Records drawn from a dataset:
****************************************

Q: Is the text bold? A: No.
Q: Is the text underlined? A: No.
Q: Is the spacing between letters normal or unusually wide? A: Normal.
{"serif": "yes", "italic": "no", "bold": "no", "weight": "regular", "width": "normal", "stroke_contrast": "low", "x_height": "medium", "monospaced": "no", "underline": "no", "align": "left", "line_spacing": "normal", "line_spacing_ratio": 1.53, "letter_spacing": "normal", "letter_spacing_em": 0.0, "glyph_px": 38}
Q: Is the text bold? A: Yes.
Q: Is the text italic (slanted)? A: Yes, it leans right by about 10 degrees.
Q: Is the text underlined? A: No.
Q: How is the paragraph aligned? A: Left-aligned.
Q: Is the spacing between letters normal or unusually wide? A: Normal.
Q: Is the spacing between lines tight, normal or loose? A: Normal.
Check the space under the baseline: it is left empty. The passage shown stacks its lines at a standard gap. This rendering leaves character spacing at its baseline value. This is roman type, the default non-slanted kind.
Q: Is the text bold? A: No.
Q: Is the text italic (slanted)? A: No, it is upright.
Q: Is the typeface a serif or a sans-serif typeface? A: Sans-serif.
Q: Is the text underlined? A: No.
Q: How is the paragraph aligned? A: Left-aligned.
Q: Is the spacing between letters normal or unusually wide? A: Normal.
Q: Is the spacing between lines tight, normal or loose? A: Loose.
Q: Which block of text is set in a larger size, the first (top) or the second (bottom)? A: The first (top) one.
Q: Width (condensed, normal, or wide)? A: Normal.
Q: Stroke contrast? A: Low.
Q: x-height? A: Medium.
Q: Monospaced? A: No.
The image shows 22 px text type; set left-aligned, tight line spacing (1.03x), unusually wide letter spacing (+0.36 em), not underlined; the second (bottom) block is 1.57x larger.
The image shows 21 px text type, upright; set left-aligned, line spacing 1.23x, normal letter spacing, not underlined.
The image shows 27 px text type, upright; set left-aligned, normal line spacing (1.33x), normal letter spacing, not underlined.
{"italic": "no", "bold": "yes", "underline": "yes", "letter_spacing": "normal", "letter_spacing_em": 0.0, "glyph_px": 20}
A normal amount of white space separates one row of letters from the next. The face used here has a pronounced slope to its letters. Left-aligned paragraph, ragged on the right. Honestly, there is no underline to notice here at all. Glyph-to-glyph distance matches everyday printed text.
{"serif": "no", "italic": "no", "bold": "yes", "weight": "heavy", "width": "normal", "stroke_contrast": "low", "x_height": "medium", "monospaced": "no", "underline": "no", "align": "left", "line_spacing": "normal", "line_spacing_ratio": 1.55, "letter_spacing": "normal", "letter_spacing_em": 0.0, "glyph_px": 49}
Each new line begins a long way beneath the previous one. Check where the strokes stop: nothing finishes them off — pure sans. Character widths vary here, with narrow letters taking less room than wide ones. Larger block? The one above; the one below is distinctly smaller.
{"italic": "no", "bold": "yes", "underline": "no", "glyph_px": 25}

****************************************

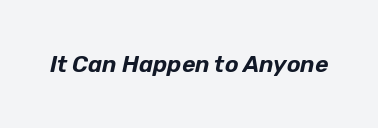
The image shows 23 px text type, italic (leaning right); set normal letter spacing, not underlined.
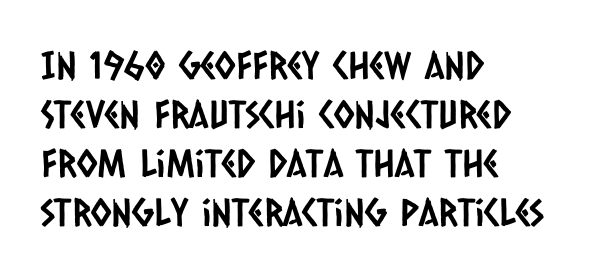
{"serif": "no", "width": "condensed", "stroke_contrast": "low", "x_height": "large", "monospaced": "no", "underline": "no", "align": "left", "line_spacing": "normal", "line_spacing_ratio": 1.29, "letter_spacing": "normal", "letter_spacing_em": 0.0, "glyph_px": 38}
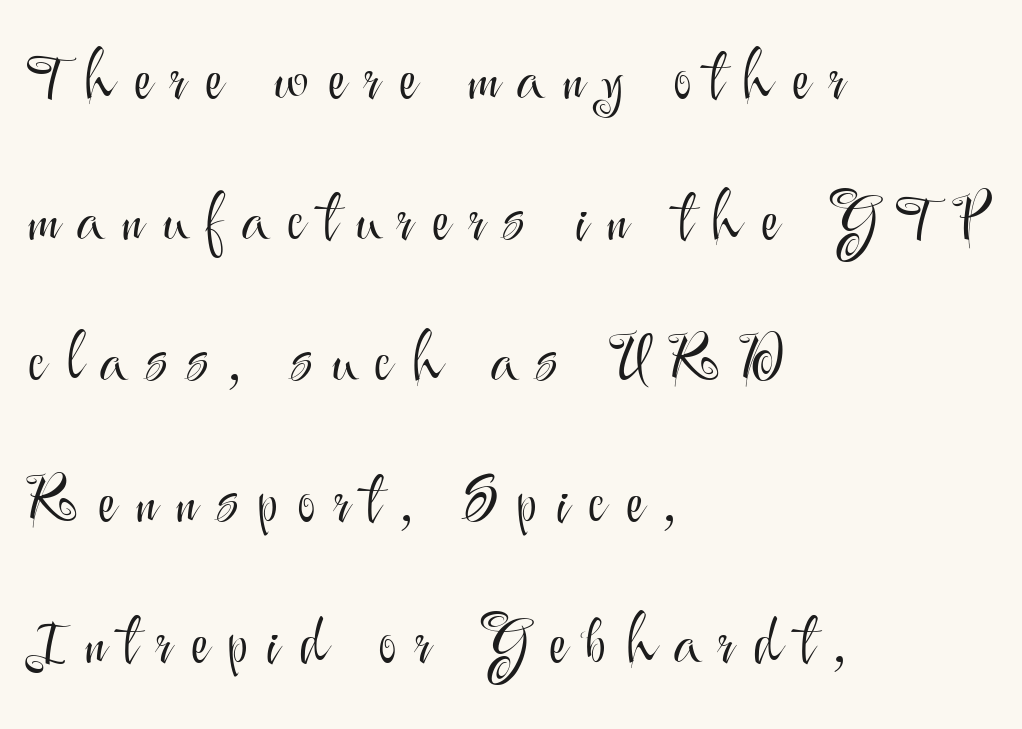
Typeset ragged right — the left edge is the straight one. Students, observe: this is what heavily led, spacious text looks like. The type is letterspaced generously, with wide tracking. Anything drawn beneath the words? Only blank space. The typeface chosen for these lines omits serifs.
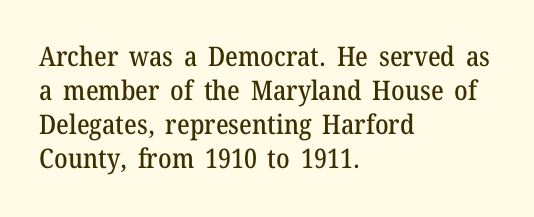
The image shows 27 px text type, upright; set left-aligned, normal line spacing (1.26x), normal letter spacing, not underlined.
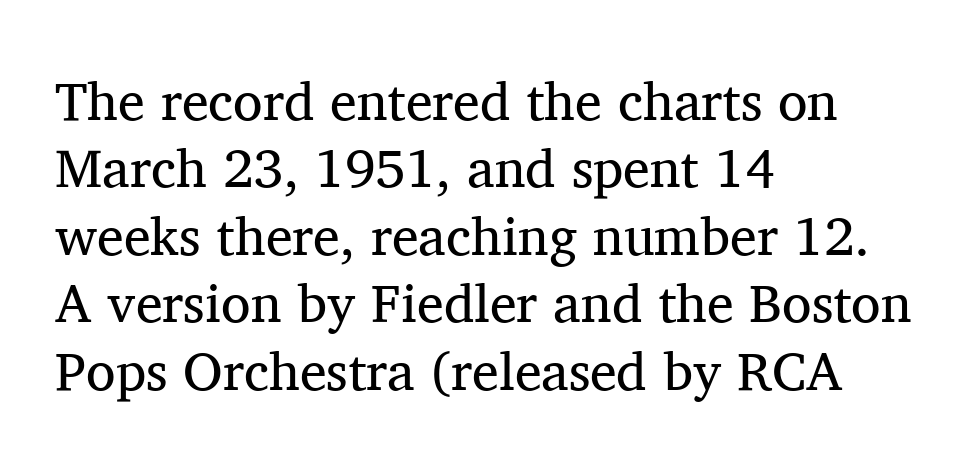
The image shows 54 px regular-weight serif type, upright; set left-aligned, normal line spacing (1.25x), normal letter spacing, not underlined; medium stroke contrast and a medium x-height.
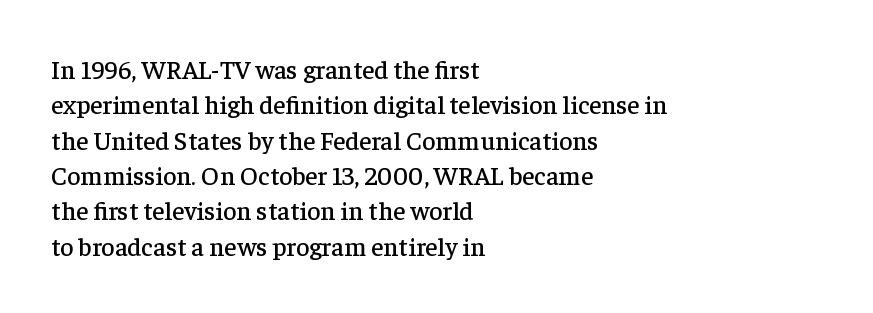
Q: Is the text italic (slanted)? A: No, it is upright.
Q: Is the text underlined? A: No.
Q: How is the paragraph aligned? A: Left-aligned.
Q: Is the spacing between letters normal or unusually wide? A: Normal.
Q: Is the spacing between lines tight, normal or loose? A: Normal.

****************************************

WORK INSTRUCTION:
Go through the data above and return each line containing the string "ragged".

RESULT OF THE TASK:
A normal amount of white space separates one row of letters from the next. The face used here has a pronounced slope to its letters. Left-aligned paragraph, ragged on the right. Honestly, there is no underline to notice here at all. Glyph-to-glyph distance matches everyday printed text.
Typeset ragged right — the left edge is the straight one. Students, observe: this is what heavily led, spacious text looks like. The type is letterspaced generously, with wide tracking. Anything drawn beneath the words? Only blank space. The typeface chosen for these lines omits serifs.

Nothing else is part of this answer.